Quantum Chemistry Calculations of Circularly Polarized Luminescence (CPL): From Spectral Modeling to Molecular Design

Circularly polarized luminescence (CPL)─the emission of circularly polarized light from luminescent chiral nonracemic matter─has garnered unprecedented attention in the past decade. Once a niche technique used for the characterization of excited states, CPL has evolved to a powerful and widespread tool for developing functional materials with multiple applications. The development of novel CPL emitters is costly and time-consuming because the key CPL quantities (dissymmetry factor, glum, and CPL brightness, BCPL) often elude simple structure-to-property relationships based on existing knowledge. Today, research in the field is aided by quantum chemistry calculations which offer insight into CPL properties and serve as a predictive tool for the rational design of efficient CPL-active materials.
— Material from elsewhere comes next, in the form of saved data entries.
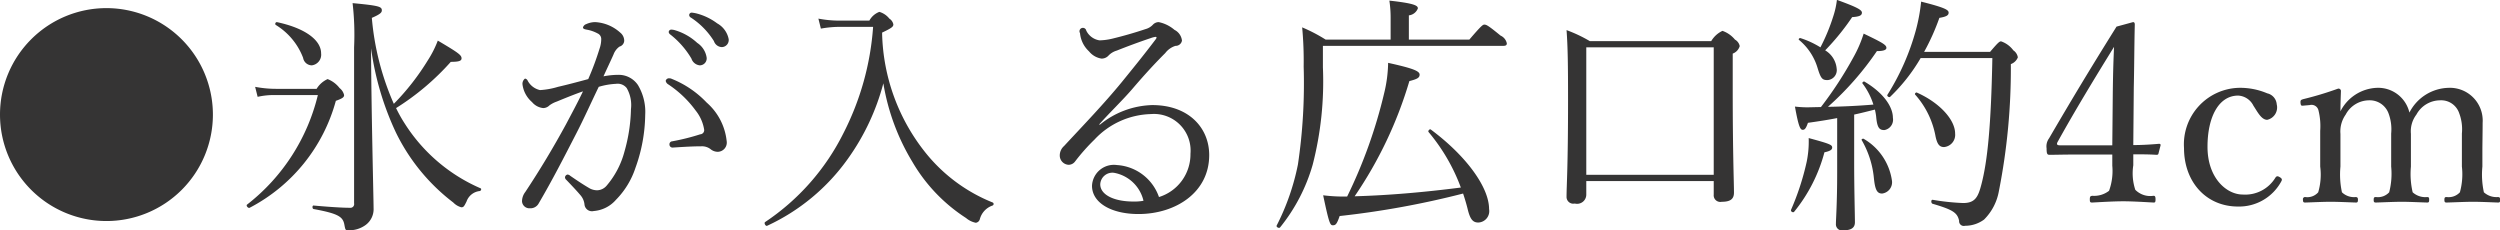 <svg id="point_function04.svg" xmlns="http://www.w3.org/2000/svg" width="200.09" height="18.44" viewBox="0 0 200.09 18.44">
  <defs>
    <style>
      .cls-1 {
        fill: #353434;
        fill-rule: evenodd;
      }
    </style>
  </defs>
  <path id="_氷が入る広口約4cm" data-name="●氷が入る広口約4cm" class="cls-1" d="M1082.4,7370.9a8.52,8.52,0,1,0,8.52,8.52A8.527,8.527,0,0,0,1082.4,7370.9Zm19.82,15.62a0.3,0.3,0,0,1-.34.36c-0.56,0-1.56-.06-2.9-0.18-0.12-.02-0.12.26,0,0.28,1.94,0.36,2.34.6,2.46,1.24,0.08,0.42.08,0.46,0.3,0.46a2.241,2.241,0,0,0,1.4-.42,1.573,1.573,0,0,0,.64-1.36c0-.64-0.18-7.74-0.2-12.44v-0.34a23.058,23.058,0,0,0,1.98,6.72,15.662,15.662,0,0,0,4.6,5.62,1.4,1.4,0,0,0,.64.38c0.18,0,.22-0.06.42-0.46a1.256,1.256,0,0,1,1.06-.84c0.1-.02.16-0.18,0.06-0.22a13.551,13.551,0,0,1-6.04-5.14,11.194,11.194,0,0,1-.72-1.28,20.207,20.207,0,0,0,4.38-3.7c0.66,0,.86-0.08.86-0.28,0-.26-0.24-0.44-1.9-1.42a8.378,8.378,0,0,1-.8,1.58,19.378,19.378,0,0,1-2.72,3.48,21.539,21.539,0,0,1-1.76-6.88c0.7-.3.8-0.44,0.8-0.6,0-.3-0.22-0.38-2.34-0.58a22.1,22.1,0,0,1,.12,3.54v12.48Zm-3.38-11.04a0.859,0.859,0,0,0,.74-0.96c0-1.06-1.28-2.02-3.54-2.5a0.136,0.136,0,0,0-.1.22,5.278,5.278,0,0,1,2.2,2.64A0.714,0.714,0,0,0,1098.84,7375.48Zm-2.88,1.88a8.873,8.873,0,0,1-1.66-.16l0.2,0.8a5.839,5.839,0,0,1,1.46-.14h3.36a15.8,15.8,0,0,1-5.66,8.76c-0.12.08,0.08,0.32,0.2,0.26a13.708,13.708,0,0,0,6.9-8.56c0.56-.2.66-0.3,0.66-0.46a0.977,0.977,0,0,0-.36-0.56,2.236,2.236,0,0,0-.96-0.72,1.987,1.987,0,0,0-.88.78h-3.26Zm31.66-4.74a0.206,0.206,0,0,0-.22.2,0.31,0.31,0,0,0,.14.2,6.921,6.921,0,0,1,1.68,1.92,0.785,0.785,0,0,0,.66.54,0.557,0.557,0,0,0,.56-0.6,1.707,1.707,0,0,0-.76-1.2,4.5,4.5,0,0,0-1.74-1A1.138,1.138,0,0,0,1127.62,7372.62Zm1.62-1.36a0.2,0.2,0,0,0-.2.2,0.241,0.241,0,0,0,.14.2,6.1,6.1,0,0,1,1.84,1.88,0.694,0.694,0,0,0,.64.48,0.568,0.568,0,0,0,.54-0.64,1.843,1.843,0,0,0-.92-1.26,4.723,4.723,0,0,0-1.6-.78A2.612,2.612,0,0,0,1129.24,7371.26Zm2.8,10.28a4.752,4.752,0,0,0-1.6-3.08,7.917,7.917,0,0,0-2.8-1.9,0.365,0.365,0,0,0-.18-0.04,0.264,0.264,0,0,0-.3.2,0.414,0.414,0,0,0,.2.28,8.581,8.581,0,0,1,2.2,2.1,3.251,3.251,0,0,1,.68,1.54,0.334,0.334,0,0,1-.32.36,17.417,17.417,0,0,1-2.24.56,0.236,0.236,0,0,0-.22.24,0.248,0.248,0,0,0,.28.26c0.92-.06,1.62-0.1,2.26-0.1a1.124,1.124,0,0,1,.74.22,0.92,0.92,0,0,0,.58.22A0.738,0.738,0,0,0,1132.04,7381.54Zm-9.86-5.18c0.28-.62.56-1.2,0.8-1.74a1.366,1.366,0,0,1,.48-0.64,0.513,0.513,0,0,0,.38-0.46,0.835,0.835,0,0,0-.32-0.66,3.252,3.252,0,0,0-2-.84,1.743,1.743,0,0,0-.72.16,0.409,0.409,0,0,0-.26.26c0,0.1.08,0.14,0.28,0.18a2.822,2.822,0,0,1,.88.3,0.488,0.488,0,0,1,.3.46,2.3,2.3,0,0,1-.14.78,22.347,22.347,0,0,1-.9,2.42c-0.96.26-1.72,0.46-2.42,0.62a6.125,6.125,0,0,1-1.44.26,1.482,1.482,0,0,1-.98-0.74,0.281,0.281,0,0,0-.22-0.18,0.518,0.518,0,0,0-.2.48,2.239,2.239,0,0,0,.76,1.4,1.343,1.343,0,0,0,.9.48,0.726,0.726,0,0,0,.5-0.22,2.177,2.177,0,0,1,.58-0.3c0.58-.24,1.36-0.56,2.1-0.82-0.4.84-.84,1.66-1.36,2.64-1,1.84-2.08,3.64-3.26,5.42a1.236,1.236,0,0,0-.26.74,0.593,0.593,0,0,0,.64.56,0.746,0.746,0,0,0,.7-0.4c1.08-1.84,1.98-3.6,3.02-5.62,0.6-1.16,1.16-2.42,1.78-3.7a5.716,5.716,0,0,1,1.38-.24,0.918,0.918,0,0,1,.86.34,2.723,2.723,0,0,1,.34,1.68,13.283,13.283,0,0,1-.52,3.4,6.9,6.9,0,0,1-1.42,2.72,1.035,1.035,0,0,1-.76.38,1.306,1.306,0,0,1-.58-0.14c-0.52-.3-1-0.62-1.58-1.02a0.365,0.365,0,0,0-.22-0.1,0.254,0.254,0,0,0-.2.22,0.27,0.27,0,0,0,.1.2c0.48,0.5.84,0.88,1.16,1.26a1.317,1.317,0,0,1,.3.72,0.6,0.6,0,0,0,.74.52,2.636,2.636,0,0,0,1.78-.9,6.548,6.548,0,0,0,1.56-2.56,12.862,12.862,0,0,0,.78-4.24,4.174,4.174,0,0,0-.58-2.38,1.852,1.852,0,0,0-1.58-.82A6.216,6.216,0,0,0,1122.18,7376.36Zm18.86-4.46a8.953,8.953,0,0,1-1.66-.16l0.2,0.8a8.5,8.5,0,0,1,1.5-.14h2.68a22.019,22.019,0,0,1-2.38,8.52,18.445,18.445,0,0,1-6.26,7.1c-0.12.08,0.04,0.36,0.16,0.3a16.326,16.326,0,0,0,6.46-5.36,18.411,18.411,0,0,0,2.84-6.04,17.647,17.647,0,0,0,2.32,6.28,13.323,13.323,0,0,0,4.3,4.5,1.724,1.724,0,0,0,.78.38,0.386,0.386,0,0,0,.32-0.28,1.576,1.576,0,0,1,1.02-1.1,0.134,0.134,0,0,0,.02-0.24,13.167,13.167,0,0,1-5.28-3.86,15.833,15.833,0,0,1-3.58-9.74c0.8-.38.9-0.48,0.9-0.66a0.715,0.715,0,0,0-.32-0.46,1.6,1.6,0,0,0-.8-0.54,1.524,1.524,0,0,0-.8.7h-2.42Zm20.82,8.3c0.8-.9,1.88-1.94,2.62-2.8,1.18-1.38,2-2.24,2.66-2.9a1.65,1.65,0,0,1,.82-0.58,0.507,0.507,0,0,0,.52-0.42,1.092,1.092,0,0,0-.6-0.86,2.8,2.8,0,0,0-1.26-.62,0.639,0.639,0,0,0-.46.2,1.271,1.271,0,0,1-.6.36c-0.9.3-1.74,0.54-2.64,0.76a4.811,4.811,0,0,1-1.04.14,1.418,1.418,0,0,1-1.06-.78,0.274,0.274,0,1,0-.5.2,2.27,2.27,0,0,0,.72,1.46,1.6,1.6,0,0,0,1,.58,0.749,0.749,0,0,0,.54-0.22,1.471,1.471,0,0,1,.68-0.42c0.8-.32,1.82-0.7,2.72-1a1.8,1.8,0,0,1,.38-0.1c0.08,0,.14.04,0,0.22-1,1.32-1.82,2.32-2.68,3.38-1.44,1.76-3.1,3.48-4.64,5.14a1.007,1.007,0,0,0-.34.72,0.745,0.745,0,0,0,.72.78,0.653,0.653,0,0,0,.5-0.26,15.689,15.689,0,0,1,1.56-1.76,6.39,6.39,0,0,1,4.52-2.04,2.931,2.931,0,0,1,3.16,3.18,3.579,3.579,0,0,1-2.52,3.46,3.817,3.817,0,0,0-3.36-2.56,1.754,1.754,0,0,0-2,1.66c0,1.36,1.54,2.26,3.72,2.26,2.94,0,5.66-1.7,5.66-4.72,0-2.16-1.62-4-4.56-4a6.89,6.89,0,0,0-4.2,1.58Zm3.54,6.12a4.059,4.059,0,0,1-.8.06c-1.6,0-2.66-.56-2.66-1.38a0.972,0.972,0,0,1,1.1-.92A2.958,2.958,0,0,1,1165.4,7386.32Zm25.4-1.06c-2.82.36-5.66,0.62-8.5,0.7a32.759,32.759,0,0,0,4.38-9.22c0.62-.16.82-0.26,0.82-0.52,0-.3-0.62-0.52-2.52-0.94a10.841,10.841,0,0,1-.32,2.44,39.374,39.374,0,0,1-2.96,8.26,13.412,13.412,0,0,1-1.92-.1c0.48,2.28.56,2.4,0.78,2.4s0.32-.1.54-0.74a70.231,70.231,0,0,0,9.88-1.8c0.14,0.42.26,0.82,0.36,1.22,0.2,0.84.42,1.1,0.86,1.1a0.914,0.914,0,0,0,.86-1.08c0-1.7-1.76-4.2-4.66-6.36-0.1-.08-0.26.12-0.18,0.2A14.966,14.966,0,0,1,1190.8,7385.26Zm-4.16-11.84v-1.94a0.87,0.87,0,0,0,.72-0.56c0-.22-0.26-0.4-2.28-0.62a8.945,8.945,0,0,1,.1,1.38v1.74h-5.2a12.974,12.974,0,0,0-1.88-.98,29.2,29.2,0,0,1,.12,3.14,44.1,44.1,0,0,1-.46,7.84,18.753,18.753,0,0,1-1.7,4.88c-0.06.12,0.2,0.26,0.28,0.14a14.15,14.15,0,0,0,2.6-5,26.728,26.728,0,0,0,.82-7.8v-1.72h14.44c0.2,0,.28-0.06.28-0.2a0.872,0.872,0,0,0-.5-0.62c-1-.82-1.14-0.88-1.3-0.88-0.12,0-.24.08-1.2,1.2h-4.84Zm14.2,11.32h10.2v1.08a0.53,0.53,0,0,0,.64.58c0.72,0,.98-0.24.98-0.74,0-.74-0.1-3.12-0.1-8.12v-3a0.913,0.913,0,0,0,.56-0.6,0.768,0.768,0,0,0-.38-0.52,2.263,2.263,0,0,0-1-.7,2.051,2.051,0,0,0-.9.82h-9.72a11.262,11.262,0,0,0-1.86-.88c0.1,1.36.12,2.78,0.12,5.6,0,5.4-.12,6.84-0.12,7.72a0.541,0.541,0,0,0,.66.56,0.736,0.736,0,0,0,.92-0.72v-1.08Zm10.2-.5h-10.2v-10.2h10.2v10.2Zm9.88-.2c0,2.48-.1,3.74-0.1,4.12a0.493,0.493,0,0,0,.62.52c0.6,0,.9-0.2.9-0.64,0-.6-0.06-2.58-0.06-4.8v-3.82c0.56-.12,1.1-0.26,1.66-0.4a4.651,4.651,0,0,1,.1.56c0.08,0.94.28,1.08,0.66,1.08a0.842,0.842,0,0,0,.68-0.98c0-.9-0.78-2.02-2.28-2.9-0.06-.04-0.2.08-0.16,0.14a5.528,5.528,0,0,1,.88,1.7c-1.2.1-2.42,0.16-3.64,0.18a23.878,23.878,0,0,0,3.92-4.46c0.6,0,.76-0.12.76-0.26,0-.24-0.32-0.42-1.82-1.14a9.9,9.9,0,0,1-.8,1.86,30.312,30.312,0,0,1-2.62,4.02c-0.4,0-.78.02-1.16,0.02a9.081,9.081,0,0,1-.92-0.06c0.28,1.56.42,1.86,0.62,1.86,0.16,0,.26-0.1.42-0.56,0.86-.12,1.62-0.24,2.34-0.38v4.34Zm6.96-9.64a17.977,17.977,0,0,0,1.22-2.72c0.6-.1.74-0.22,0.74-0.42,0-.22-0.3-0.4-2.2-0.88a14.322,14.322,0,0,1-.42,2.28,19.163,19.163,0,0,1-2.28,5.18c-0.06.1,0.14,0.24,0.22,0.16a14.235,14.235,0,0,0,2.44-3.1h5.74c-0.1,5.32-.38,8.22-0.88,10.12-0.26,1-.5,1.48-1.46,1.48a18.514,18.514,0,0,1-2.44-.26c-0.14-.02-0.14.28,0,0.32,1.64,0.48,1.98.72,2.12,1.36a0.377,0.377,0,0,0,.48.4,2.553,2.553,0,0,0,1.52-.5,4.258,4.258,0,0,0,1.18-2.26,50.434,50.434,0,0,0,.96-10.18,0.939,0.939,0,0,0,.56-0.54,0.83,0.83,0,0,0-.36-0.56,2.039,2.039,0,0,0-.98-0.72c-0.12,0-.22.06-0.88,0.84h-5.28Zm-7.92-.12a19.277,19.277,0,0,0,2.16-2.66c0.64-.04.78-0.16,0.78-0.36,0-.24-0.52-0.48-2-1.02a6.679,6.679,0,0,1-.3,1.34,15.234,15.234,0,0,1-1.02,2.46,7.045,7.045,0,0,0-1.6-.74c-0.08-.02-0.18.08-0.12,0.14a4.616,4.616,0,0,1,1.5,2.28c0.26,0.84.38,0.94,0.8,0.94a0.8,0.8,0,0,0,.72-0.92A1.894,1.894,0,0,0,1219.96,7374.28Zm9.52,7.74a0.982,0.982,0,0,0,.88-1.08c0-1.12-1.26-2.48-3.06-3.28-0.08-.04-0.2.1-0.14,0.16a6.886,6.886,0,0,1,1.64,3.38C1228.94,7381.82,1229.12,7382.02,1229.48,7382.02Zm-4.96,3.72a0.91,0.91,0,0,0,.78-1.06,4.622,4.622,0,0,0-2.26-3.32c-0.06-.04-0.2.04-0.16,0.1a7.462,7.462,0,0,1,.98,3.06C1223.96,7385.5,1224.14,7385.74,1224.52,7385.74Zm-7.06,1.48a12.693,12.693,0,0,0,2.44-4.78c0.48-.1.62-0.22,0.62-0.38,0-.22-0.18-0.3-1.88-0.76a8.02,8.02,0,0,1-.16,1.9,20.727,20.727,0,0,1-1.26,3.86A0.169,0.169,0,0,0,1217.46,7387.22Zm27.16-4.62c0.58,0,1.26,0,1.84.04,0.12,0,.16-0.02.18-0.12l0.16-.62c0.02-.1-0.02-0.14-0.12-0.14-0.7.06-1.38,0.1-2.06,0.1l0.04-4.6c0.04-1.84.04-3.44,0.08-5.04,0-.16-0.06-0.2-0.14-0.2l-1.32.36c-2,3.2-3.5,5.68-5.4,8.94a1.077,1.077,0,0,0-.2.8c0,0.46.06,0.52,0.24,0.52,0.54,0,1.08-.02,1.76-0.02h3.26v0.9a4.639,4.639,0,0,1-.26,2,1.943,1.943,0,0,1-1.34.4c-0.14.02-.2,0.04-0.2,0.28s0.04,0.26.2,0.26c0.74-.04,1.72-0.1,2.48-0.1,0.74,0,1.68.06,2.42,0.1,0.12,0,.16-0.02.16-0.26s-0.06-.28-0.16-0.28a1.685,1.685,0,0,1-1.46-.48,4.2,4.2,0,0,1-.16-1.96v-0.88Zm-1.68-.72h-4.2c-0.24,0-.28-0.1-0.16-0.3,1.42-2.56,2.98-5.12,4.5-7.58-0.06,1.34-.08,2.14-0.1,3.62Zm10.1-4.6a4.525,4.525,0,0,0-4.36,4.82c0,2.72,1.78,4.68,4.32,4.68a3.837,3.837,0,0,0,3.48-2.04c0.06-.12.04-0.2-0.12-0.3s-0.26-.12-0.36.02a2.824,2.824,0,0,1-2.62,1.36c-1.28,0-2.82-1.3-2.82-3.82,0-2.36.88-4.1,2.46-4.1a1.45,1.45,0,0,1,1.22.82c0.3,0.44.62,1.12,1.1,1.12a1.017,1.017,0,0,0,.76-1.24,0.976,0.976,0,0,0-.76-0.88A5.527,5.527,0,0,0,1253.04,7377.28Zm5.7,1.38a0.569,0.569,0,0,1,.7.42,5.21,5.21,0,0,1,.14,1.64v2.86a5.013,5.013,0,0,1-.16,2.06,1.152,1.152,0,0,1-1.04.38,0.173,0.173,0,0,0-.18.22c0,0.18.04,0.22,0.18,0.22,0.66-.02,1.4-0.06,2.04-0.06,0.62,0,1.4.04,2.02,0.06,0.12,0,.16-0.04.16-0.22,0-.16-0.04-0.2-0.16-0.22a1.389,1.389,0,0,1-1.12-.38,6.733,6.733,0,0,1-.12-2.06v-2.62a2.321,2.321,0,0,1,.42-1.54,2.133,2.133,0,0,1,1.84-1.14,1.6,1.6,0,0,1,1.58,1.02,3.624,3.624,0,0,1,.22,1.64v2.64a5.886,5.886,0,0,1-.16,2.06,1.218,1.218,0,0,1-1.06.38c-0.14,0-.18.04-0.18,0.22,0,0.16.02,0.22,0.18,0.22,0.66-.02,1.44-0.06,2.1-0.06,0.56,0,1.34.04,2,.06,0.14,0,.16-0.06.16-0.22,0-.18-0.02-0.2-0.14-0.22a1.509,1.509,0,0,1-1.18-.38,6.465,6.465,0,0,1-.14-2.06v-2.62a2.206,2.206,0,0,1,.44-1.54,2.172,2.172,0,0,1,1.88-1.14,1.519,1.519,0,0,1,1.54,1.02,3.624,3.624,0,0,1,.22,1.64v2.64a5.413,5.413,0,0,1-.16,2.06,1.218,1.218,0,0,1-1.06.38c-0.14,0-.18.04-0.18,0.22s0.04,0.22.18,0.22c0.72-.02,1.48-0.06,2.12-0.06,0.62,0,1.4.04,2,.06,0.14,0,.16-0.06.16-0.22,0-.18-0.04-0.2-0.16-0.22a1.5,1.5,0,0,1-1.14-.38,6.659,6.659,0,0,1-.12-2.06v-1.3c0-.5.02-1.48,0.02-2.2a2.625,2.625,0,0,0-2.74-2.8,3.612,3.612,0,0,0-3.12,1.98,2.568,2.568,0,0,0-2.62-1.98,3.418,3.418,0,0,0-2.9,1.88c0-.52.02-1.1,0.04-1.64a0.2,0.2,0,0,0-.22-0.18,26.253,26.253,0,0,1-2.78.84c-0.2.06-.24,0.08-0.24,0.26,0.02,0.3.08,0.28,0.28,0.26Z" transform="translate(-1073.88 -7370.25)"/>
</svg>

The present review is divided into three sections: (1) a comprehensive presentation of the theoretical foundation of CPL calculations, electronic structure description, environment effects, vibronic modulation, band shape broadening, and aggregate simulation; (2) an extensive literature survey, organized according to a structural criterion; and (3) a critical reassessment of literature data, accompanied by a statistical analysis, aimed at offering the best practices for accurate CPL calculations and identifying the key structural and electronic features that enable the simulation-guided design of novel CPL emitters.